_Your assignment:_ All entries must be extracted exactly, with nothing added or dropped.

[Dataset items]

+--

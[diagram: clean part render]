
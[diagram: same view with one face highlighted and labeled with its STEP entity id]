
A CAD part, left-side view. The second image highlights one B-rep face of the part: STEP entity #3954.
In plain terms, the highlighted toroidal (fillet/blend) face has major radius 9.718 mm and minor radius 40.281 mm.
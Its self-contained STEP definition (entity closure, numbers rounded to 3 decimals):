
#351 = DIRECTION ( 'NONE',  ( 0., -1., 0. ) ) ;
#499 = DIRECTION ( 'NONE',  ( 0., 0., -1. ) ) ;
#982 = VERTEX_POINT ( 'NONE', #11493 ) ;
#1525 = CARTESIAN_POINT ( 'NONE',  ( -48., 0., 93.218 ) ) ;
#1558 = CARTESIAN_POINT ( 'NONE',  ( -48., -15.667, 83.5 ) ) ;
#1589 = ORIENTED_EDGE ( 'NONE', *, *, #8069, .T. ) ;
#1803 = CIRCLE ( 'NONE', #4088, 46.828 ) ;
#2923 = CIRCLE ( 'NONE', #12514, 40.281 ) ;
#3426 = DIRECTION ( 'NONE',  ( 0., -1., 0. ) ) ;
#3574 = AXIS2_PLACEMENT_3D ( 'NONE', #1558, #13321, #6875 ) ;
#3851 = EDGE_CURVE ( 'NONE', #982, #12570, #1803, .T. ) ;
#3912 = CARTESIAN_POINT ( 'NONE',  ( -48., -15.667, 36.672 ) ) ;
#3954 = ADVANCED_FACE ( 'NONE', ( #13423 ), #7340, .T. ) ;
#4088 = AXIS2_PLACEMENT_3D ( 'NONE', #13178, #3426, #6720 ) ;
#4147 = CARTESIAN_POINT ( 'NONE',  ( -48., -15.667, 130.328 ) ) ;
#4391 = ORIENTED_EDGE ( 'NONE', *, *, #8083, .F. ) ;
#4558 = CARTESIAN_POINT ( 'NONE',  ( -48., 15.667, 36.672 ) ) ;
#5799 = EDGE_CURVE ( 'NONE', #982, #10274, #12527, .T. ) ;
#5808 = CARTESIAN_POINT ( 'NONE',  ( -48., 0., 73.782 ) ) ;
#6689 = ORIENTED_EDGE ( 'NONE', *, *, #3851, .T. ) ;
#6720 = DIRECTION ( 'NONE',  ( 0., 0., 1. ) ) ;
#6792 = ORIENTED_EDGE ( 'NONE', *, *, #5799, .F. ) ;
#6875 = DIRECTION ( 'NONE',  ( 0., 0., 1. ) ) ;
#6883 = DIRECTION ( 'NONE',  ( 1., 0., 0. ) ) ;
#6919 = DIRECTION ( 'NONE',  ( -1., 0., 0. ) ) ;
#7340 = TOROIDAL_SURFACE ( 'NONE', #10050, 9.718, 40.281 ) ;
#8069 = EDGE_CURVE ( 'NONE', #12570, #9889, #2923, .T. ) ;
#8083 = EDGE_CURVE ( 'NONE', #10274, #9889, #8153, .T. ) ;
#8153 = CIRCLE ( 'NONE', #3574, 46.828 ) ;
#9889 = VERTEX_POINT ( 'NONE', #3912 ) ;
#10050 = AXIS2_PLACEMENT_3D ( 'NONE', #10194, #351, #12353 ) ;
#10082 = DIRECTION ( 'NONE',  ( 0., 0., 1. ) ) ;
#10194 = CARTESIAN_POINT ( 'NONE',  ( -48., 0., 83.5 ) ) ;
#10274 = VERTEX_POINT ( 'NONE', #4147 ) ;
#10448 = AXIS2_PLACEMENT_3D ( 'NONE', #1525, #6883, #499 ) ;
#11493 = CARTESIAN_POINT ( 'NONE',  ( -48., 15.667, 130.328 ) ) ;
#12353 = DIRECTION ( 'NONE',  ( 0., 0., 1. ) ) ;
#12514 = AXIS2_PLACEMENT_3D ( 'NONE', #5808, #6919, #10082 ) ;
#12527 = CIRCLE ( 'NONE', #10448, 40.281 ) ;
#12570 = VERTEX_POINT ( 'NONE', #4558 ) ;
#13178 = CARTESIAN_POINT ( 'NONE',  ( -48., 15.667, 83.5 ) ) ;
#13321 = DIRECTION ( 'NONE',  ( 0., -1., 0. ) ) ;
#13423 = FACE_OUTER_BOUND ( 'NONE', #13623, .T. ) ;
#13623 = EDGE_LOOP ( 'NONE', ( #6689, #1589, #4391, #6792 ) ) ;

+--

_Solved exercise:_
[diagram: clean part render]
[diagram: same view with one face highlighted and labeled with its STEP entity id]
A CAD part, left-side view. The second image highlights one B-rep face of the part: STEP entity #3954.
In plain terms, the highlighted toroidal (fillet/blend) face has major radius 9.718 mm and minor radius 40.281 mm.
Its self-contained STEP definition (entity closure, numbers rounded to 3 decimals):
#351 = DIRECTION ( 'NONE',  ( 0., -1., 0. ) ) ;
#499 = DIRECTION ( 'NONE',  ( 0., 0., -1. ) ) ;
#982 = VERTEX_POINT ( 'NONE', #11493 ) ;
#1525 = CARTESIAN_POINT ( 'NONE',  ( -48., 0., 93.218 ) ) ;
#1558 = CARTESIAN_POINT ( 'NONE',  ( -48., -15.667, 83.5 ) ) ;
#1589 = ORIENTED_EDGE ( 'NONE', *, *, #8069, .T. ) ;
#1803 = CIRCLE ( 'NONE', #4088, 46.828 ) ;
#2923 = CIRCLE ( 'NONE', #12514, 40.281 ) ;
#3426 = DIRECTION ( 'NONE',  ( 0., -1., 0. ) ) ;
#3574 = AXIS2_PLACEMENT_3D ( 'NONE', #1558, #13321, #6875 ) ;
#3851 = EDGE_CURVE ( 'NONE', #982, #12570, #1803, .T. ) ;
#3912 = CARTESIAN_POINT ( 'NONE',  ( -48., -15.667, 36.672 ) ) ;
#3954 = ADVANCED_FACE ( 'NONE', ( #13423 ), #7340, .T. ) ;
#4088 = AXIS2_PLACEMENT_3D ( 'NONE', #13178, #3426, #6720 ) ;
#4147 = CARTESIAN_POINT ( 'NONE',  ( -48., -15.667, 130.328 ) ) ;
#4391 = ORIENTED_EDGE ( 'NONE', *, *, #8083, .F. ) ;
#4558 = CARTESIAN_POINT ( 'NONE',  ( -48., 15.667, 36.672 ) ) ;
#5799 = EDGE_CURVE ( 'NONE', #982, #10274, #12527, .T. ) ;
#5808 = CARTESIAN_POINT ( 'NONE',  ( -48., 0., 73.782 ) ) ;
#6689 = ORIENTED_EDGE ( 'NONE', *, *, #3851, .T. ) ;
#6720 = DIRECTION ( 'NONE',  ( 0., 0., 1. ) ) ;
#6792 = ORIENTED_EDGE ( 'NONE', *, *, #5799, .F. ) ;
#6875 = DIRECTION ( 'NONE',  ( 0., 0., 1. ) ) ;
#6883 = DIRECTION ( 'NONE',  ( 1., 0., 0. ) ) ;
#6919 = DIRECTION ( 'NONE',  ( -1., 0., 0. ) ) ;
#7340 = TOROIDAL_SURFACE ( 'NONE', #10050, 9.718, 40.281 ) ;
#8069 = EDGE_CURVE ( 'NONE', #12570, #9889, #2923, .T. ) ;
#8083 = EDGE_CURVE ( 'NONE', #10274, #9889, #8153, .T. ) ;
#8153 = CIRCLE ( 'NONE', #3574, 46.828 ) ;
#9889 = VERTEX_POINT ( 'NONE', #3912 ) ;
#10050 = AXIS2_PLACEMENT_3D ( 'NONE', #10194, #351, #12353 ) ;
#10082 = DIRECTION ( 'NONE',  ( 0., 0., 1. ) ) ;
#10194 = CARTESIAN_POINT ( 'NONE',  ( -48., 0., 83.5 ) ) ;
#10274 = VERTEX_POINT ( 'NONE', #4147 ) ;
#10448 = AXIS2_PLACEMENT_3D ( 'NONE', #1525, #6883, #499 ) ;
#11493 = CARTESIAN_POINT ( 'NONE',  ( -48., 15.667, 130.328 ) ) ;
#12353 = DIRECTION ( 'NONE',  ( 0., 0., 1. ) ) ;
#12514 = AXIS2_PLACEMENT_3D ( 'NONE', #5808, #6919, #10082 ) ;
#12527 = CIRCLE ( 'NONE', #10448, 40.281 ) ;
#12570 = VERTEX_POINT ( 'NONE', #4558 ) ;
#13178 = CARTESIAN_POINT ( 'NONE',  ( -48., 15.667, 83.5 ) ) ;
#13321 = DIRECTION ( 'NONE',  ( 0., -1., 0. ) ) ;
#13423 = FACE_OUTER_BOUND ( 'NONE', #13623, .T. ) ;
#13623 = EDGE_LOOP ( 'NONE', ( #6689, #1589, #4391, #6792 ) ) ;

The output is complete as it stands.